● WHAT IS REQUIRED
Should the word "outdoors" occur in a line of the records, copy that line.

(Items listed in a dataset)

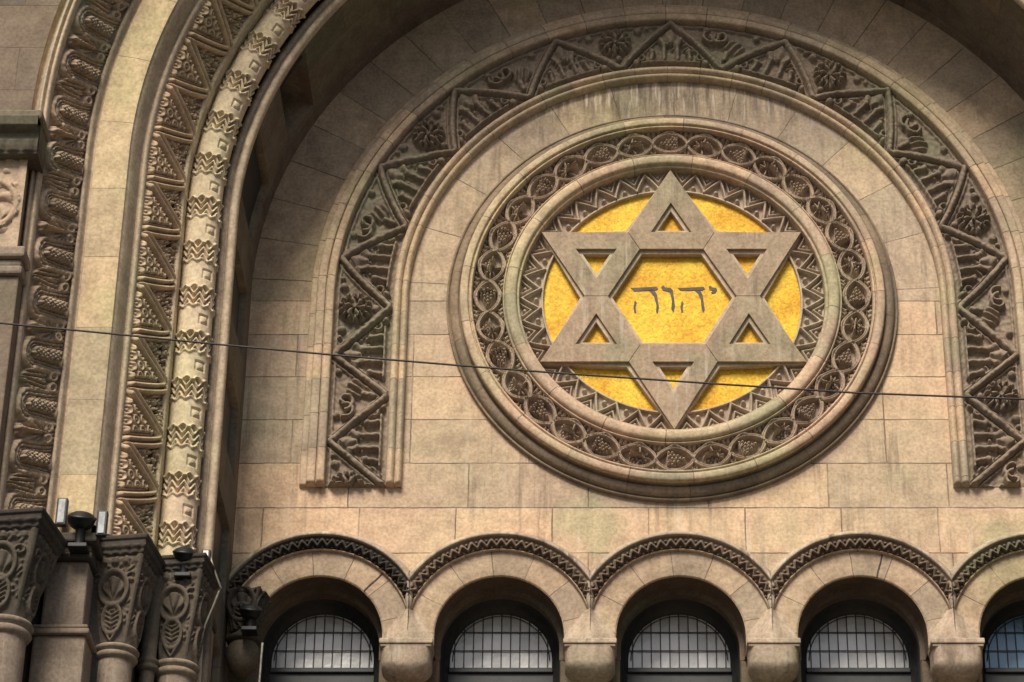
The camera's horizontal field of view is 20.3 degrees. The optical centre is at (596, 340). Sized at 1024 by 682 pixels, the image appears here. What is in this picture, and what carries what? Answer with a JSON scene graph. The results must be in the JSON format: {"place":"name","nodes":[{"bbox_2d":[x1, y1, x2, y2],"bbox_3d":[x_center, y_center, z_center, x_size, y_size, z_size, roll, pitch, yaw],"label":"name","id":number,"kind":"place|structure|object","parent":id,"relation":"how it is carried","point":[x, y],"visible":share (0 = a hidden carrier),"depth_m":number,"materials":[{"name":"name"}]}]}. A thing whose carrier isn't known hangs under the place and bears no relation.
{"place":"outdoors","nodes":[
{"label":"outdoors","id":0,"kind":"place"},
{"bbox_2d":[0,322,1023,399],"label":"overhead wire","id":1,"kind":"object","parent":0,"point":[578,374],"visible":1,"depth_m":16.95,"materials":[{"name":"rubber"}]},
{"label":"pavement","id":2,"kind":"structure","parent":0,"visible":0},
{"bbox_2d":[0,0,322,681],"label":"wall","id":3,"kind":"structure","parent":2,"relation":"on","point":[25,26],"depth_m":21.28,"materials":[{"name":"stone"}]},
{"bbox_2d":[0,110,49,473],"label":"corner pilaster","id":4,"kind":"object","parent":3,"relation":"attached to","point":[24,137],"visible":1,"depth_m":20.34,"materials":[{"name":"stone"}]},
{"bbox_2d":[0,507,67,681],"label":"column","id":5,"kind":"structure","parent":3,"relation":"on","point":[33,543],"depth_m":19.05,"materials":[{"name":"stone"}]},
{"bbox_2d":[28,533,102,681],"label":"square pier","id":6,"kind":"structure","parent":3,"relation":"on","point":[63,646],"depth_m":19.42,"materials":[{"name":"stone"}]},
{"bbox_2d":[55,498,68,526],"bbox_3d":[-3.694,1.184,19.746,0.075,0.210,0.056,0,-31,0],"label":"light box","id":7,"kind":"object","parent":6,"relation":"on","point":[61,512],"visible":0.93,"depth_m":19.72,"materials":[{"name":"paint"}]},
{"bbox_2d":[67,511,96,553],"bbox_3d":[-3.547,1.300,19.644,0.204,0.306,0.192,0,-31,0],"label":"floodlight","id":8,"kind":"object","parent":6,"relation":"on","point":[80,523],"visible":1,"depth_m":19.61,"materials":[{"name":"black metal"}]},
{"bbox_2d":[95,511,108,537],"bbox_3d":[-3.409,1.262,19.700,0.072,0.190,0.056,0,-31,0],"label":"light box","id":9,"kind":"object","parent":6,"relation":"on","point":[102,524],"visible":1,"depth_m":19.67,"materials":[{"name":"paint"}]},
{"bbox_2d":[0,0,131,509],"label":"leaf archivolt","id":10,"kind":"object","parent":3,"relation":"attached to","point":[81,36],"visible":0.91,"depth_m":20.67,"materials":[{"name":"stone"}]},
{"bbox_2d":[46,0,177,532],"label":"plain archivolt","id":11,"kind":"object","parent":3,"relation":"attached to","point":[76,446],"visible":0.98,"depth_m":20.89,"materials":[{"name":"stone"}]},
{"bbox_2d":[93,533,164,681],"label":"column","id":12,"kind":"structure","parent":3,"relation":"on","point":[129,568],"depth_m":19.77,"materials":[{"name":"stone"}]},
{"bbox_2d":[136,575,163,681],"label":"colonnette","id":13,"kind":"object","parent":3,"relation":"on","point":[147,667],"visible":0.89,"depth_m":19.99,"materials":[{"name":"stone"}]},
{"bbox_2d":[93,0,259,542],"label":"interlace archivolt","id":14,"kind":"object","parent":3,"relation":"attached to","point":[195,42],"visible":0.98,"depth_m":21.29,"materials":[{"name":"stone"}]},
{"bbox_2d":[154,553,221,681],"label":"column","id":15,"kind":"structure","parent":3,"relation":"on","point":[186,605],"depth_m":20.13,"materials":[{"name":"stone"}]},
{"bbox_2d":[172,547,196,579],"bbox_3d":[-2.927,1.573,20.296,0.182,0.258,0.172,0,-31,0],"label":"floodlight","id":16,"kind":"object","parent":15,"relation":"on","point":[183,553],"visible":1,"depth_m":20.25,"materials":[{"name":"black metal"}]},
{"bbox_2d":[202,549,210,559],"bbox_3d":[-2.789,1.541,20.406,0.065,0.105,0.056,0,-31,0],"label":"light box","id":17,"kind":"object","parent":15,"relation":"on","point":[208,551],"visible":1,"depth_m":20.40,"materials":[{"name":"paint"}]},
{"bbox_2d":[193,558,221,681],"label":"conduit","id":18,"kind":"object","parent":15,"relation":"attached to","point":[217,595],"visible":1,"depth_m":20.33,"materials":[{"name":"metal"}]},
{"bbox_2d":[201,608,213,681],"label":"colonnette","id":19,"kind":"object","parent":3,"relation":"on","point":[206,650],"visible":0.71,"depth_m":20.30,"materials":[{"name":"stone"}]},
{"bbox_2d":[207,617,216,681],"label":"jamb strip","id":20,"kind":"object","parent":3,"relation":"attached to","point":[214,629],"visible":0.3,"depth_m":20.62,"materials":[{"name":"stone"}]},
{"bbox_2d":[150,0,319,554],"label":"roll archivolt","id":21,"kind":"object","parent":3,"relation":"attached to","point":[186,403],"visible":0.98,"depth_m":21.68,"materials":[{"name":"stone"}]},
{"bbox_2d":[194,0,1023,681],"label":"archivolt","id":22,"kind":"object","parent":3,"relation":"attached to","point":[306,32],"visible":0.79,"depth_m":21.93,"materials":[{"name":"stone"}]},
{"bbox_2d":[210,0,1023,681],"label":"arch reveal","id":23,"kind":"object","parent":3,"relation":"attached to","point":[346,44],"visible":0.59,"depth_m":23.47,"materials":[{"name":"stone"}]},
{"bbox_2d":[232,0,1023,644],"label":"recessed wall","id":24,"kind":"structure","parent":3,"relation":"attached to","point":[880,466],"depth_m":22.76,"materials":[{"name":"stone"}]},
{"bbox_2d":[225,586,270,681],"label":"corner corbel","id":25,"kind":"object","parent":24,"relation":"attached to","point":[242,657],"visible":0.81,"depth_m":21.39,"materials":[{"name":"stone"}]},
{"bbox_2d":[239,604,262,635],"bbox_3d":[-2.577,2.063,21.284,0.182,0.238,0.172,0,-31,0],"label":"floodlight","id":26,"kind":"object","parent":25,"relation":"attached to","point":[250,614],"visible":1,"depth_m":21.25,"materials":[{"name":"black metal"}]},
{"bbox_2d":[258,643,263,681],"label":"cable","id":27,"kind":"object","parent":25,"relation":"hanging from","point":[260,667],"visible":1,"depth_m":21.10,"materials":[{"name":"plastic"}]},
{"bbox_2d":[226,531,409,681],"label":"arched window","id":28,"kind":"structure","parent":24,"relation":"attached to","point":[326,628],"depth_m":21.88,"materials":[{"name":"stone"}]},
{"bbox_2d":[261,599,379,681],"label":"window frame","id":29,"kind":"structure","parent":28,"relation":"in","point":[307,609],"depth_m":22.07,"materials":[{"name":"paint"}]},
{"bbox_2d":[379,580,433,681],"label":"corbel","id":30,"kind":"object","parent":24,"relation":"attached to","point":[407,655],"visible":1,"depth_m":21.29,"materials":[{"name":"stone"}]},
{"bbox_2d":[407,531,589,681],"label":"arched window","id":31,"kind":"structure","parent":24,"relation":"attached to","point":[493,628],"depth_m":21.87,"materials":[{"name":"stone"}]},
{"bbox_2d":[440,599,559,681],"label":"window frame","id":32,"kind":"structure","parent":31,"relation":"in","point":[478,611],"depth_m":22.07,"materials":[{"name":"paint"}]},
{"bbox_2d":[563,580,616,681],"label":"corbel","id":33,"kind":"object","parent":24,"relation":"attached to","point":[589,647],"visible":1,"depth_m":21.29,"materials":[{"name":"stone"}]},
{"bbox_2d":[299,5,1023,487],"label":"carved arch frieze","id":34,"kind":"object","parent":24,"relation":"attached to","point":[437,135],"visible":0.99,"depth_m":23.53,"materials":[{"name":"stone"}]},
{"bbox_2d":[446,115,897,502],"bbox_3d":[0.606,-0.356,22.967,3.632,3.632,0.173,0,-31,0],"label":"star medallion","id":35,"kind":"object","parent":24,"relation":"attached to","point":[565,260],"visible":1,"depth_m":22.94,"materials":[{"name":"stone"}]},
{"bbox_2d":[590,531,772,681],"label":"arched window","id":36,"kind":"structure","parent":24,"relation":"attached to","point":[673,628],"depth_m":21.87,"materials":[{"name":"stone"}]},
{"bbox_2d":[620,599,739,681],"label":"window frame","id":37,"kind":"structure","parent":36,"relation":"in","point":[703,612],"depth_m":22.07,"materials":[{"name":"paint"}]},
{"bbox_2d":[746,580,800,681],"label":"corbel","id":38,"kind":"object","parent":24,"relation":"attached to","point":[772,654],"visible":1,"depth_m":21.29,"materials":[{"name":"stone"}]},
{"bbox_2d":[770,531,954,681],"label":"arched window","id":39,"kind":"structure","parent":24,"relation":"attached to","point":[853,628],"depth_m":21.87,"materials":[{"name":"stone"}]},
{"bbox_2d":[801,599,920,681],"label":"window frame","id":40,"kind":"structure","parent":39,"relation":"in","point":[883,613],"depth_m":22.07,"materials":[{"name":"paint"}]},
{"bbox_2d":[928,572,984,681],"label":"corbel","id":41,"kind":"object","parent":24,"relation":"attached to","point":[955,650],"visible":1,"depth_m":21.29,"materials":[{"name":"stone"}]},
{"bbox_2d":[950,532,1023,681],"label":"arched window","id":42,"kind":"structure","parent":24,"relation":"attached to","point":[983,574],"depth_m":21.86,"materials":[{"name":"stone"}]},
{"bbox_2d":[982,600,1023,681],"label":"window frame","id":43,"kind":"structure","parent":42,"relation":"in","point":[1016,609],"depth_m":22.09,"materials":[{"name":"paint"}]}
]}

● SOLUTION FOR THIS EXERCISE
{"place":"outdoors","nodes":[
{"label":"outdoors","id":0,"kind":"place"},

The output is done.